● About this task
Set down the data below from its first line to the line holding "#6628 = VERTEX_POINT('',#6629);", inclusive; omit all pictures.

● Entries taken from a collection
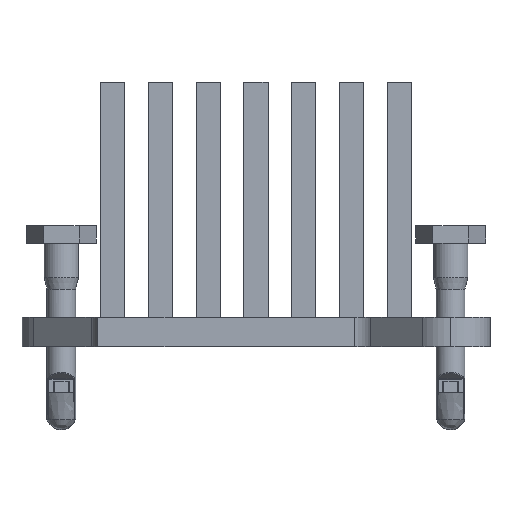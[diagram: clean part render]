
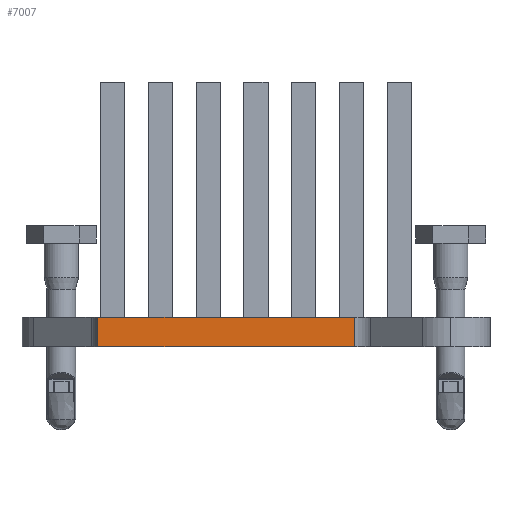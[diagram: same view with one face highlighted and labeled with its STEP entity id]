
A CAD part, left-side view. The second image highlights one B-rep face of the part: STEP entity #7007.
In plain terms, the highlighted planar face has unit normal (-1, 0, 0).
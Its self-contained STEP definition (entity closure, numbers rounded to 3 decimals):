
#6628 = VERTEX_POINT('',#6629);
#6629 = CARTESIAN_POINT('',(-14.25,13.75,2.54));
#6637 = EDGE_CURVE('',#6638,#6628,#6640,.T.);
#6638 = VERTEX_POINT('',#6639);
#6639 = CARTESIAN_POINT('',(-14.25,-8.572,2.54));
#6640 = LINE('',#6641,#6642);
#6641 = CARTESIAN_POINT('',(-14.25,-22.5,2.54));
#6642 = VECTOR('',#6643,1.);
#6643 = DIRECTION('',(0.,1.,0.));
#7007 = ADVANCED_FACE('',(#7008),#7033,.T.);
#7008 = FACE_BOUND('',#7009,.T.);
#7009 = EDGE_LOOP('',(#7010,#7020,#7026,#7027));
#7010 = ORIENTED_EDGE('',*,*,#7011,.T.);
#7011 = EDGE_CURVE('',#7012,#7014,#7016,.T.);
#7012 = VERTEX_POINT('',#7013);
#7013 = CARTESIAN_POINT('',(-14.25,13.75,0.));
#7014 = VERTEX_POINT('',#7015);
#7015 = CARTESIAN_POINT('',(-14.25,-8.572,0.)
  );
#7016 = LINE('',#7017,#7018);
#7017 = CARTESIAN_POINT('',(-14.25,13.75,0.));
#7018 = VECTOR('',#7019,1.);
#7019 = DIRECTION('',(0.,-1.,0.));
#7020 = ORIENTED_EDGE('',*,*,#7021,.T.);
#7021 = EDGE_CURVE('',#7014,#6638,#7022,.T.);
#7022 = LINE('',#7023,#7024);
#7023 = CARTESIAN_POINT('',(-14.25,-8.572,2.54));
#7024 = VECTOR('',#7025,1.);
#7025 = DIRECTION('',(0.,0.,1.));
#7026 = ORIENTED_EDGE('',*,*,#6637,.T.);
#7027 = ORIENTED_EDGE('',*,*,#7028,.F.);
#7028 = EDGE_CURVE('',#7012,#6628,#7029,.T.);
#7029 = LINE('',#7030,#7031);
#7030 = CARTESIAN_POINT('',(-14.25,13.75,0.));
#7031 = VECTOR('',#7032,1.);
#7032 = DIRECTION('',(0.,0.,1.));
#7033 = PLANE('',#7034);
#7034 = AXIS2_PLACEMENT_3D('',#7035,#7036,#7037);
#7035 = CARTESIAN_POINT('',(-14.25,13.75,0.));
#7036 = DIRECTION('',(-1.,0.,0.));
#7037 = DIRECTION('',(0.,-1.,0.));

● Task output
[diagram: clean part render]
[diagram: same view with one face highlighted and labeled with its STEP entity id]
A CAD part, left-side view. The second image highlights one B-rep face of the part: STEP entity #7007.
In plain terms, the highlighted planar face has unit normal (-1, 0, 0).
Its self-contained STEP definition (entity closure, numbers rounded to 3 decimals):
#6628 = VERTEX_POINT('',#6629);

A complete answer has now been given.